** Data for analysis follows **

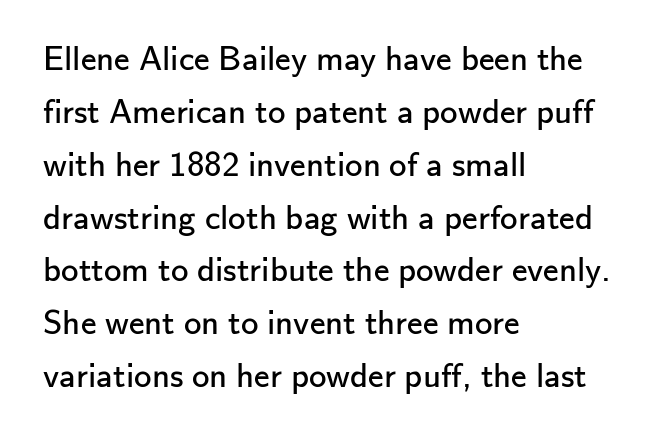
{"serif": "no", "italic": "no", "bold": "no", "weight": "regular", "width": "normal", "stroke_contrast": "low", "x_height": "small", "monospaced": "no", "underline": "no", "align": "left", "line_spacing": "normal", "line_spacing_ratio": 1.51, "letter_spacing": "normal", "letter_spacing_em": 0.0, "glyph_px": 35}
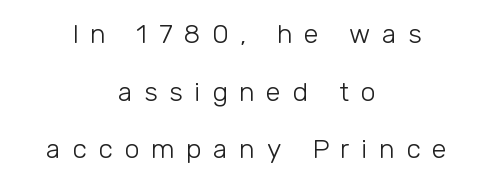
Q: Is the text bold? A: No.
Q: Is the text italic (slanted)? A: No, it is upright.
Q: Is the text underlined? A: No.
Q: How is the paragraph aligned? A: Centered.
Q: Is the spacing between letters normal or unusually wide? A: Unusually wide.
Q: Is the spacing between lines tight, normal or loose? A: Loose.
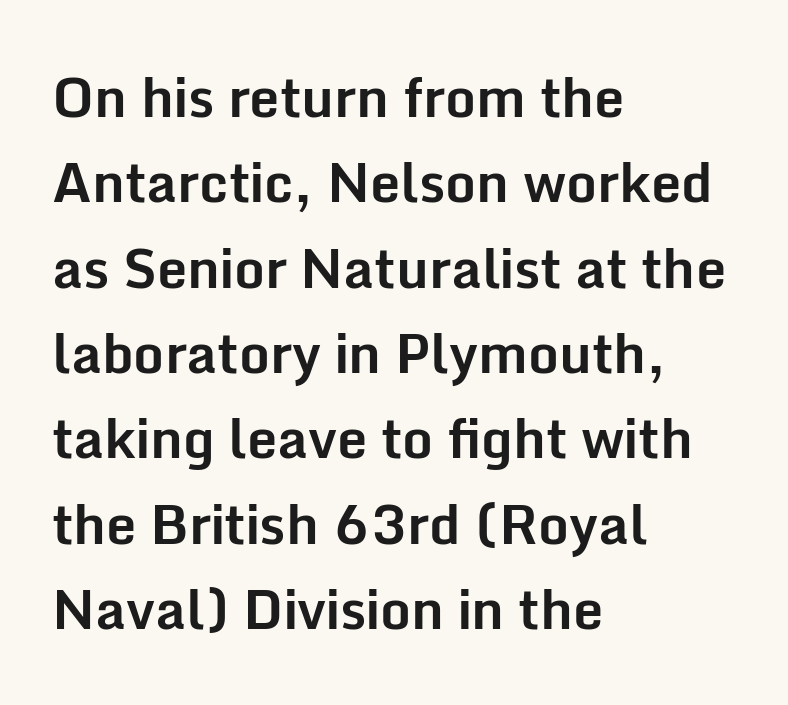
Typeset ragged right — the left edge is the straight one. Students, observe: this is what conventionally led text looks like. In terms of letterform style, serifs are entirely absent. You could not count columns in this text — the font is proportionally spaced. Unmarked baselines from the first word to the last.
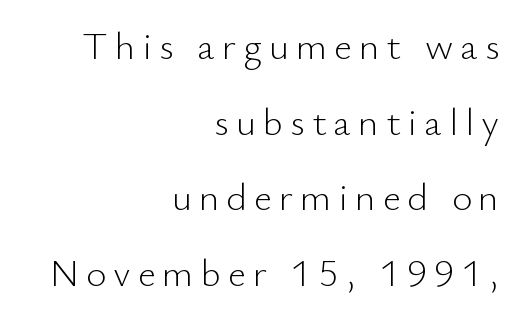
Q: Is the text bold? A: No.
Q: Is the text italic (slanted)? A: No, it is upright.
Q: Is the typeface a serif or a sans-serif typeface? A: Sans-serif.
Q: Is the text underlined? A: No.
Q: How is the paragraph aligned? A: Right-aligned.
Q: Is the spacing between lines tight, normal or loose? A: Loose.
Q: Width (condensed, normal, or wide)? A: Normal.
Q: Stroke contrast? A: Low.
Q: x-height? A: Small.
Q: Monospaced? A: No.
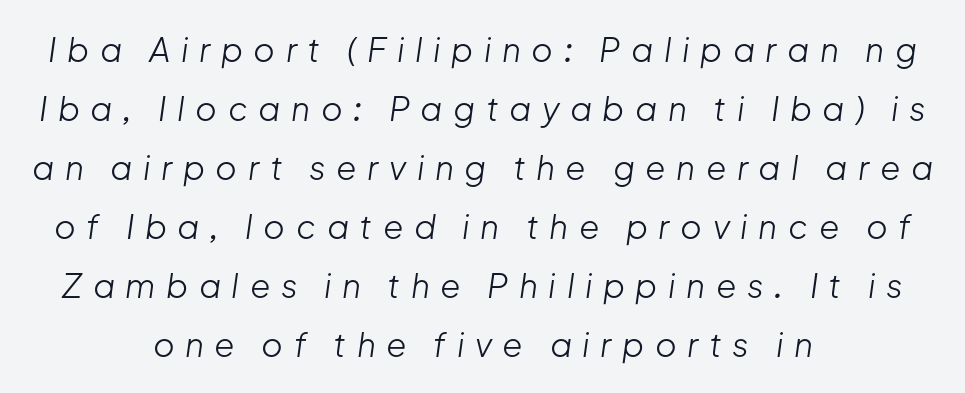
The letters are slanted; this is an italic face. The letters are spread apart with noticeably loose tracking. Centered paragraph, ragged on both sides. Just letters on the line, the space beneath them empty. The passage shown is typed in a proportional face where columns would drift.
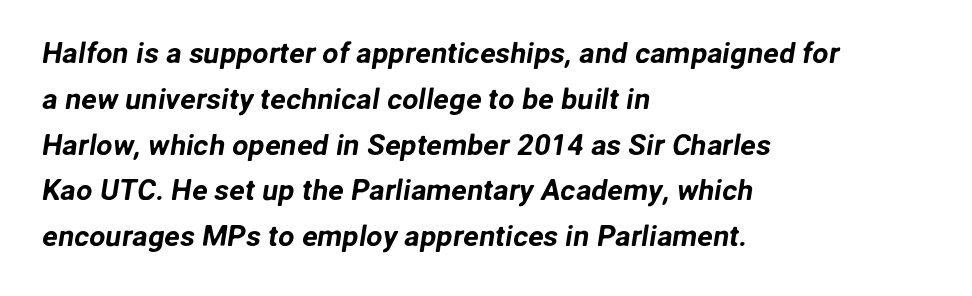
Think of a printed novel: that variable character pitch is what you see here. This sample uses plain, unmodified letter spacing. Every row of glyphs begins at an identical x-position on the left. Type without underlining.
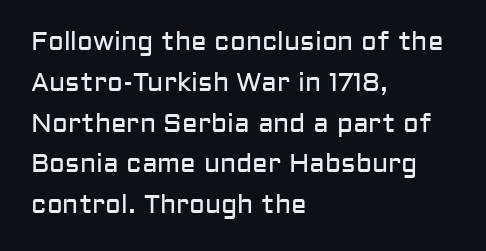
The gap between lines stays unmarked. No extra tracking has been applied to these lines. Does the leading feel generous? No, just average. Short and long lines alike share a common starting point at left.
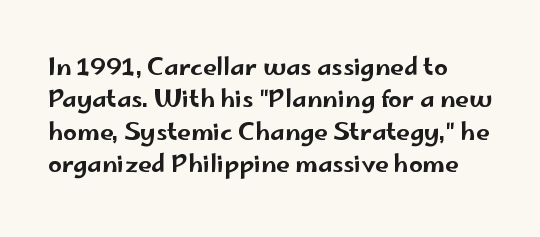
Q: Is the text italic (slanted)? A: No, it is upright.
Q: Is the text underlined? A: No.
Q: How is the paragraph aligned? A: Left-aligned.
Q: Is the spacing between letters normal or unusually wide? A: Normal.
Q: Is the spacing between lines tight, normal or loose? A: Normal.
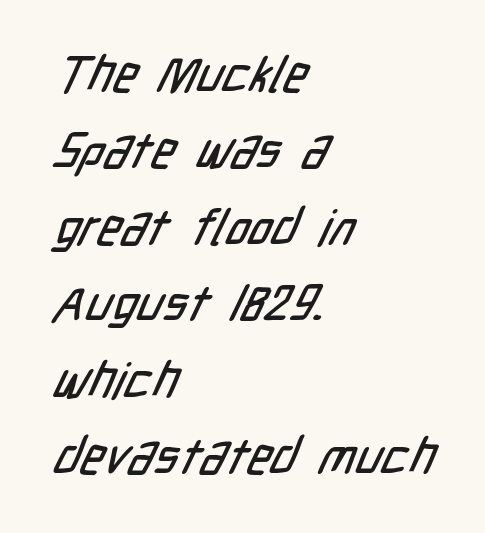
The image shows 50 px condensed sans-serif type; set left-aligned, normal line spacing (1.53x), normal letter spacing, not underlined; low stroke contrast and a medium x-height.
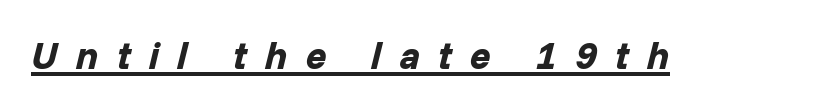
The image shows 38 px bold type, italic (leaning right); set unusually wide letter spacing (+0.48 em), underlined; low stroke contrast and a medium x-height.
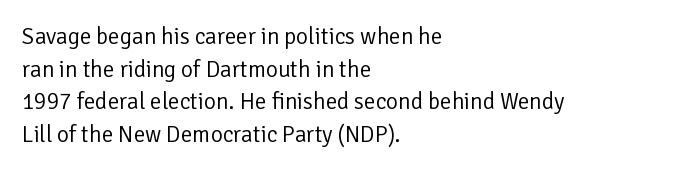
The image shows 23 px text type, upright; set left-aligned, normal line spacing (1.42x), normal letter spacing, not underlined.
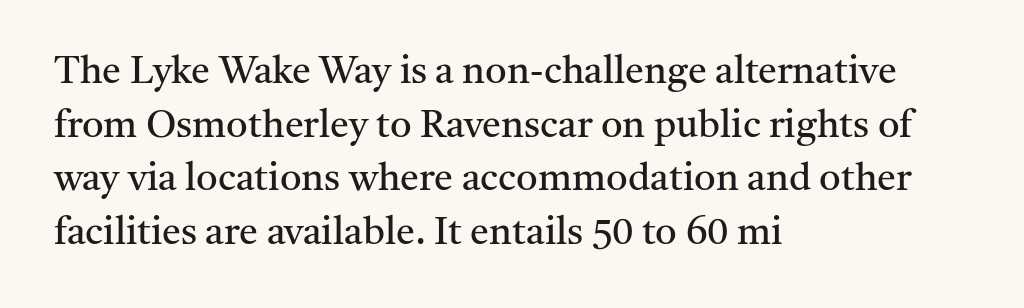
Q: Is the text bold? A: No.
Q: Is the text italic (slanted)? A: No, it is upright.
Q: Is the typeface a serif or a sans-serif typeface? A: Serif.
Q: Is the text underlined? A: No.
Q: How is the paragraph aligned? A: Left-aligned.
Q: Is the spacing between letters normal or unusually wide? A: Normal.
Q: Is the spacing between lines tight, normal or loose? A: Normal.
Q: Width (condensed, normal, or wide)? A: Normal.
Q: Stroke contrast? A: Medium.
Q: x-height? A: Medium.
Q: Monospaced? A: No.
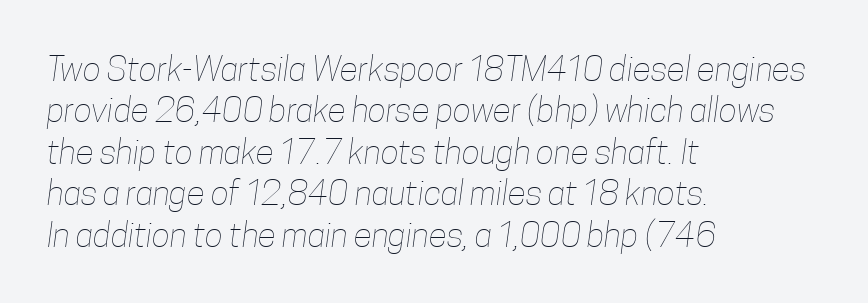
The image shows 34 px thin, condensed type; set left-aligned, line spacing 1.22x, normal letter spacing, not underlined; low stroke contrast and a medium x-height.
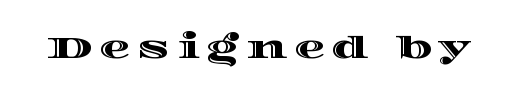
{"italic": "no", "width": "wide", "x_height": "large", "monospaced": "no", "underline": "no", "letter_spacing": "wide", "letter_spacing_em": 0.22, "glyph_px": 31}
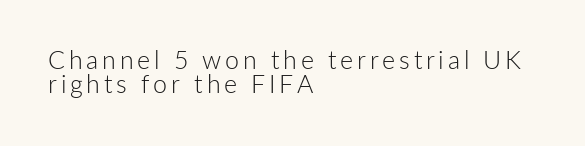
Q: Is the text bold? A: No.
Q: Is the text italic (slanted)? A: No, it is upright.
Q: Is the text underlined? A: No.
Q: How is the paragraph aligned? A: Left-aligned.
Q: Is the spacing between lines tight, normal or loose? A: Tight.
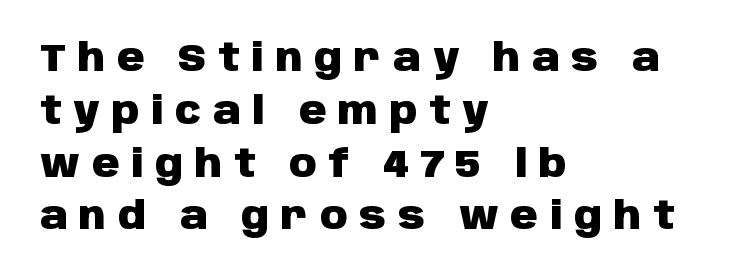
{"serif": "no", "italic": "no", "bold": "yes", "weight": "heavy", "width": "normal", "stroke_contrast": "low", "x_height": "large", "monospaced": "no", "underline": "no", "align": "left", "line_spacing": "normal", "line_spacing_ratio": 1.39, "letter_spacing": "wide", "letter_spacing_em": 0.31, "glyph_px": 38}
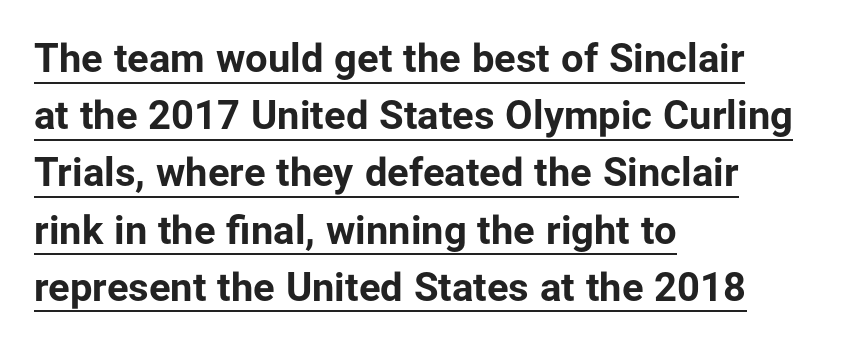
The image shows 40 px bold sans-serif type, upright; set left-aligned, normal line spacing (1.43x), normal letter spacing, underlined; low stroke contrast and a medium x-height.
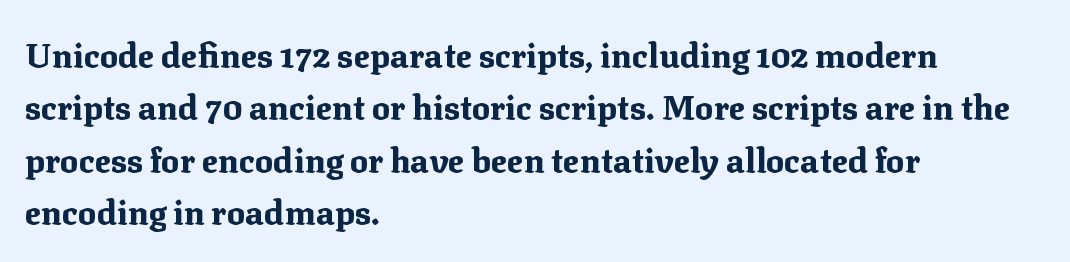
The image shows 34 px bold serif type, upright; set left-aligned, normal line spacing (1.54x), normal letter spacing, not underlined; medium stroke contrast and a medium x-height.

** End of Data for analysis **

_Task to complete_
Write the material above out again exactly. Omit every image.

_Solution for this problem_
{"serif": "no", "italic": "no", "bold": "no", "weight": "regular", "width": "normal", "stroke_contrast": "low", "x_height": "small", "monospaced": "no", "underline": "no", "align": "left", "line_spacing": "normal", "line_spacing_ratio": 1.51, "letter_spacing": "normal", "letter_spacing_em": 0.0, "glyph_px": 35}
Q: Is the text bold? A: No.
Q: Is the text italic (slanted)? A: No, it is upright.
Q: Is the text underlined? A: No.
Q: How is the paragraph aligned? A: Centered.
Q: Is the spacing between letters normal or unusually wide? A: Unusually wide.
Q: Is the spacing between lines tight, normal or loose? A: Loose.
Typeset ragged right — the left edge is the straight one. Students, observe: this is what conventionally led text looks like. In terms of letterform style, serifs are entirely absent. You could not count columns in this text — the font is proportionally spaced. Unmarked baselines from the first word to the last.
Q: Is the text bold? A: No.
Q: Is the text italic (slanted)? A: No, it is upright.
Q: Is the typeface a serif or a sans-serif typeface? A: Sans-serif.
Q: Is the text underlined? A: No.
Q: How is the paragraph aligned? A: Right-aligned.
Q: Is the spacing between lines tight, normal or loose? A: Loose.
Q: Width (condensed, normal, or wide)? A: Normal.
Q: Stroke contrast? A: Low.
Q: x-height? A: Small.
Q: Monospaced? A: No.
The letters are slanted; this is an italic face. The letters are spread apart with noticeably loose tracking. Centered paragraph, ragged on both sides. Just letters on the line, the space beneath them empty. The passage shown is typed in a proportional face where columns would drift.
Think of a printed novel: that variable character pitch is what you see here. This sample uses plain, unmodified letter spacing. Every row of glyphs begins at an identical x-position on the left. Type without underlining.
The gap between lines stays unmarked. No extra tracking has been applied to these lines. Does the leading feel generous? No, just average. Short and long lines alike share a common starting point at left.
Q: Is the text italic (slanted)? A: No, it is upright.
Q: Is the text underlined? A: No.
Q: How is the paragraph aligned? A: Left-aligned.
Q: Is the spacing between letters normal or unusually wide? A: Normal.
Q: Is the spacing between lines tight, normal or loose? A: Normal.
The image shows 50 px condensed sans-serif type; set left-aligned, normal line spacing (1.53x), normal letter spacing, not underlined; low stroke contrast and a medium x-height.
The image shows 38 px bold type, italic (leaning right); set unusually wide letter spacing (+0.48 em), underlined; low stroke contrast and a medium x-height.
The image shows 23 px text type, upright; set left-aligned, normal line spacing (1.42x), normal letter spacing, not underlined.
Q: Is the text bold? A: No.
Q: Is the text italic (slanted)? A: No, it is upright.
Q: Is the typeface a serif or a sans-serif typeface? A: Serif.
Q: Is the text underlined? A: No.
Q: How is the paragraph aligned? A: Left-aligned.
Q: Is the spacing between letters normal or unusually wide? A: Normal.
Q: Is the spacing between lines tight, normal or loose? A: Normal.
Q: Width (condensed, normal, or wide)? A: Normal.
Q: Stroke contrast? A: Medium.
Q: x-height? A: Medium.
Q: Monospaced? A: No.
The image shows 34 px thin, condensed type; set left-aligned, line spacing 1.22x, normal letter spacing, not underlined; low stroke contrast and a medium x-height.
{"italic": "no", "width": "wide", "x_height": "large", "monospaced": "no", "underline": "no", "letter_spacing": "wide", "letter_spacing_em": 0.22, "glyph_px": 31}
Q: Is the text bold? A: No.
Q: Is the text italic (slanted)? A: No, it is upright.
Q: Is the text underlined? A: No.
Q: How is the paragraph aligned? A: Left-aligned.
Q: Is the spacing between lines tight, normal or loose? A: Tight.
{"serif": "no", "italic": "no", "bold": "yes", "weight": "heavy", "width": "normal", "stroke_contrast": "low", "x_height": "large", "monospaced": "no", "underline": "no", "align": "left", "line_spacing": "normal", "line_spacing_ratio": 1.39, "letter_spacing": "wide", "letter_spacing_em": 0.31, "glyph_px": 38}
The image shows 40 px bold sans-serif type, upright; set left-aligned, normal line spacing (1.43x), normal letter spacing, underlined; low stroke contrast and a medium x-height.
The image shows 34 px bold serif type, upright; set left-aligned, normal line spacing (1.54x), normal letter spacing, not underlined; medium stroke contrast and a medium x-height.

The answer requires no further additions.